* [Assigned task]: Among the entries, which lines carry the string "frac"? Copy every one.

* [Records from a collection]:
────────────────────────────────────────

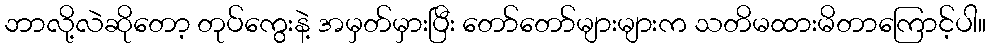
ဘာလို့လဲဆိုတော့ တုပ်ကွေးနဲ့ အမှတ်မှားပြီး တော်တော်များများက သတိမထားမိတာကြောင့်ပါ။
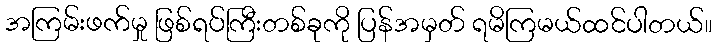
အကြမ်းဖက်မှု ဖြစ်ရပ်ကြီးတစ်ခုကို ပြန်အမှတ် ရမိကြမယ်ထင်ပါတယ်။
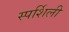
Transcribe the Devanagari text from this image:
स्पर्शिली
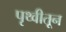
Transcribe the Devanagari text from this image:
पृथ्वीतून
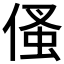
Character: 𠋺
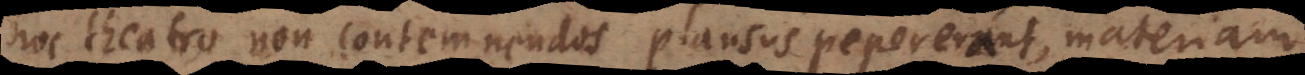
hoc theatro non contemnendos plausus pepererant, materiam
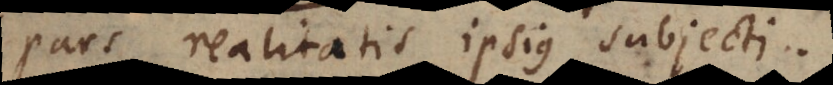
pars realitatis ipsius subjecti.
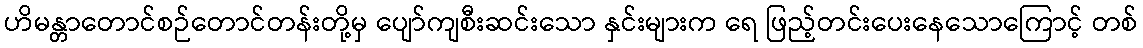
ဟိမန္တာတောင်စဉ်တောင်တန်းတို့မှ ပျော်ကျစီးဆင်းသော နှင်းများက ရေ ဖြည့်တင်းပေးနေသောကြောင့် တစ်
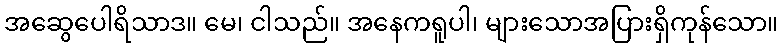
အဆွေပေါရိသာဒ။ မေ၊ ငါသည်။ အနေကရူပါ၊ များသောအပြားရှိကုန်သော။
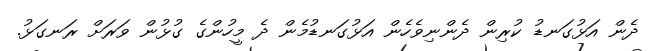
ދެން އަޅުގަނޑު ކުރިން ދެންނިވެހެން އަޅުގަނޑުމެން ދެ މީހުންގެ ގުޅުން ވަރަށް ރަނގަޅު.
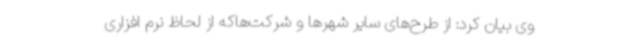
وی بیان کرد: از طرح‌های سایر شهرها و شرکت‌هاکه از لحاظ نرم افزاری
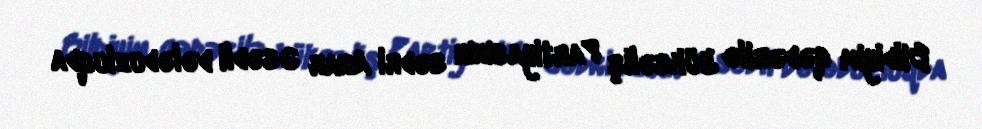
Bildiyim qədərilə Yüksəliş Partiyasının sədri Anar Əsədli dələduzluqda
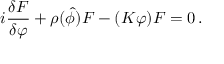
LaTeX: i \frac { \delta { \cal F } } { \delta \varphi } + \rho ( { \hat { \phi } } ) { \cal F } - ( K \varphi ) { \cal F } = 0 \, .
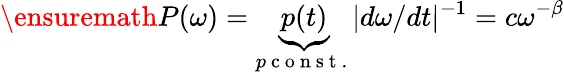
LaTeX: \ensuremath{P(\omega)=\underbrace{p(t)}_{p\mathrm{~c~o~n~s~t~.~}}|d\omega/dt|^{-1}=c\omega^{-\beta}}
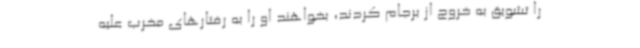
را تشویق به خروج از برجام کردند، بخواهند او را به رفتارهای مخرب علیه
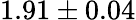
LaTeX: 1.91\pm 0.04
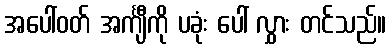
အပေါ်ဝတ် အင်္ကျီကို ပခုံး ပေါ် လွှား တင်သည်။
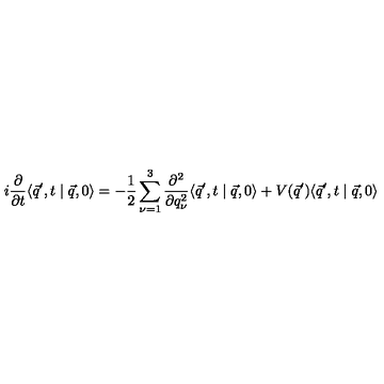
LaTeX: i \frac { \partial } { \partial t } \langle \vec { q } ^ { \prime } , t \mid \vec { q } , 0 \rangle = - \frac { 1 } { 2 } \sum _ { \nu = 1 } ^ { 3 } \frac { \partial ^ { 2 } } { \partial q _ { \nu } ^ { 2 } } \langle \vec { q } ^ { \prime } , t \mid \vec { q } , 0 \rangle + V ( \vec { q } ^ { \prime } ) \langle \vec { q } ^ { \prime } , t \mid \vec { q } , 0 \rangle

────────────────────────────────────────

* [Task response]:
LaTeX: i \frac { \delta { \cal F } } { \delta \varphi } + \rho ( { \hat { \phi } } ) { \cal F } - ( K \varphi ) { \cal F } = 0 \, .
LaTeX: i \frac { \partial } { \partial t } \langle \vec { q } ^ { \prime } , t \mid \vec { q } , 0 \rangle = - \frac { 1 } { 2 } \sum _ { \nu = 1 } ^ { 3 } \frac { \partial ^ { 2 } } { \partial q _ { \nu } ^ { 2 } } \langle \vec { q } ^ { \prime } , t \mid \vec { q } , 0 \rangle + V ( \vec { q } ^ { \prime } ) \langle \vec { q } ^ { \prime } , t \mid \vec { q } , 0 \rangle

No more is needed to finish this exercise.